- Born: Haruna Ssentongo August 30, 1987 (age 38) Kalungu District, Uganda
- Citizenship: Ugandan
- Education: Kabojja International School East High School Ntinda Makerere University
- Occupations: Businessman, Real estate developer, entrepreneur, philanthropist
- Years active: 2011–present
- Known for: Founder of Haruna Enterprises U Ltd
- Notable work: Haruna Towers, Segawa Market (Kisenyi), real estate development in Kampala
- Relatives: Hamis Kiggundu (brother)

= Haruna Ssentongo =

Ugandan businessman, real estate developer, entrepreneur, and philanthropist

Haruna Ssentongo also written as Haruna Sentongo (born on August 30, 1987) is a Ugandan businessman, real estate developer, entrepreneur, and philanthropist. He is the founder of Haruna Enterprises (U) Ltd and as of 2023, his net worth was reported to be US$420 million.

== Early life and education ==
Haruna was born on 30 August 1987 to Haruna Segawa (father) and Nakayiza Jalia (mother) in Kalungu District formally Masaka District in central Uganda. Haruna is a young brother to Hamis Kiggundu a Ugandan businessman, lawyer and author.
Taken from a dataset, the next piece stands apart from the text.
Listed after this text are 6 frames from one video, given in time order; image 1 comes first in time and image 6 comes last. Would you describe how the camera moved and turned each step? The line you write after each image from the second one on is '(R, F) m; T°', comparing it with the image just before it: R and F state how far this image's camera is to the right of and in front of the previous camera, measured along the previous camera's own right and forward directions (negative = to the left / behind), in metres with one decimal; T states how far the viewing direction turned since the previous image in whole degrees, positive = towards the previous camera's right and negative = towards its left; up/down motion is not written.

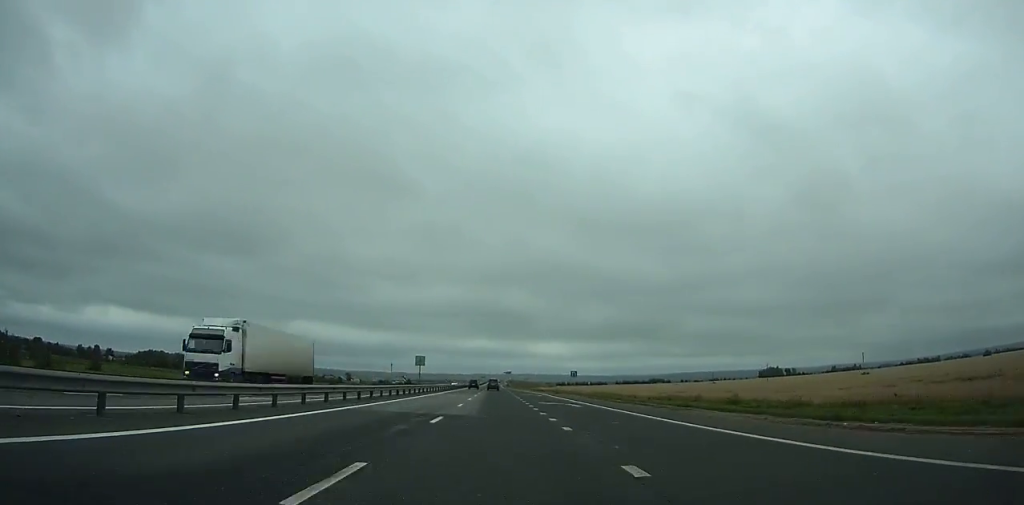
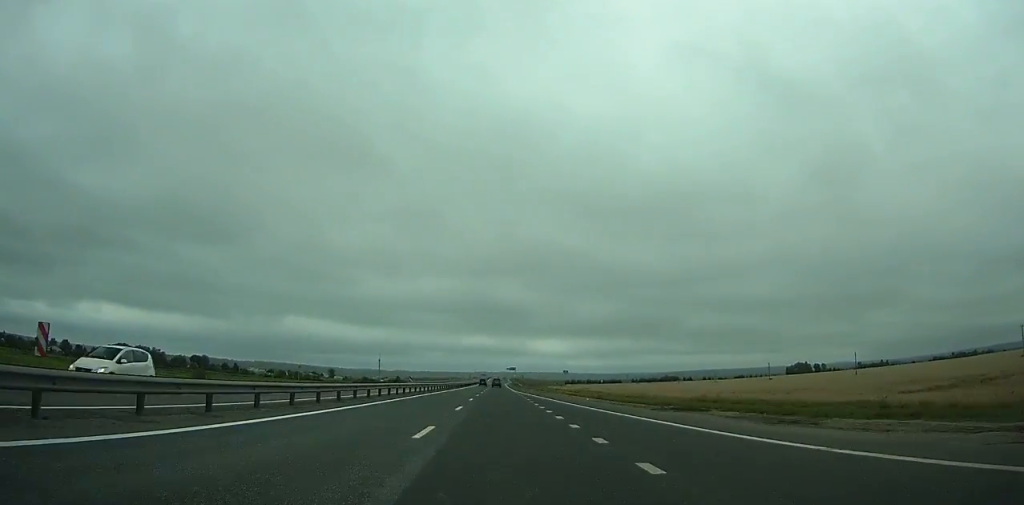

Ssentongo had his primary education from Masaka and letter joined Kabojja international School for his O-Level education, and East high Ntinda for his A-Level education. He enrolled and attended at Makerere university during a time before venturing into real estate.

== Business career ==
Ssentongo incorporated Haruna Enterprises in 2011 and went ahead to build Haruna Towers in Wandegeya shortly after. He later diversified into additional commercial buildings and markets in Kampala. Properties and developments included are Haruna Towers, retail and market complexes in Kisenyi and in the city center. By 2022, it was reported that Ssentongo had more than 27 construction projects and owned about 24 acres of land within Kampala's central business and suburban zones.

During the COVID-19 pandemic, he reportedly waived rent for tenants at some of his markets and shopping malls to mitigate economic hardship.

== Notable projects ==
- Haruna Towers, Wandegeya. A commercial building and a business hub.
- Kisenyi developments. He acquired and redevelopment in Kisenyi, including a market complex sometimes referred to as Segawa Market.
- Haruna Mall, Ntinda. A commercial building and a business hub

== Legal disputes ==
In 2019, Orient Bank (now I&M Bank Uganda) sued him for recovery of USh 10.3 billion principal, interest, damages, and costs where the court ordered to pay Shs 10.3 billion, Shs 150 million as damages to I&M Bank, and 22% interest per annum from the date of first default until satisfaction. Ssentongo appealed against Justice Richard Wejuli Wabwire's December 2022 High Court Commercial Division judgment, alleging breach of contract, misrepresentation, negligence, undue influence, economic duress, unfair terms, and unjust enrichment in the shape of excessive interest and charges.

He asked for restitution of wrongful claims, special damages for lost business, permanent injunction of land in Kibuga Block 12 (Plots 250, 251, and 252), punitive damages, and 25% annual interest until payment. His contention arises from loans he took from I&M Bank, such as a May 2015 Shs 1.8 billion to facilitate Nakayiza Mall construction and working capital, an overdraft of Shs 150 million, and a later Shs 2 billion loan in September 2015, all backed by the same property, while he had a previous Shs 1.7 billion loan and overdraft that already incurred penalties.

The Supreme Court later issued a temporary injunction restraining I&M Bank from enforcing sale or seizure of Ssentongo's properties located on Kibuga Block 12, Plots 250, 251, and 252, pending determination of his appeal. Additionally, the Court of Appeal had earlier halted the sale of some of his properties tied to a USh 34 billion debt to Diamond Trust Bank (DTB) Uganda and DTB Kenya, pending resolution of legal appeals.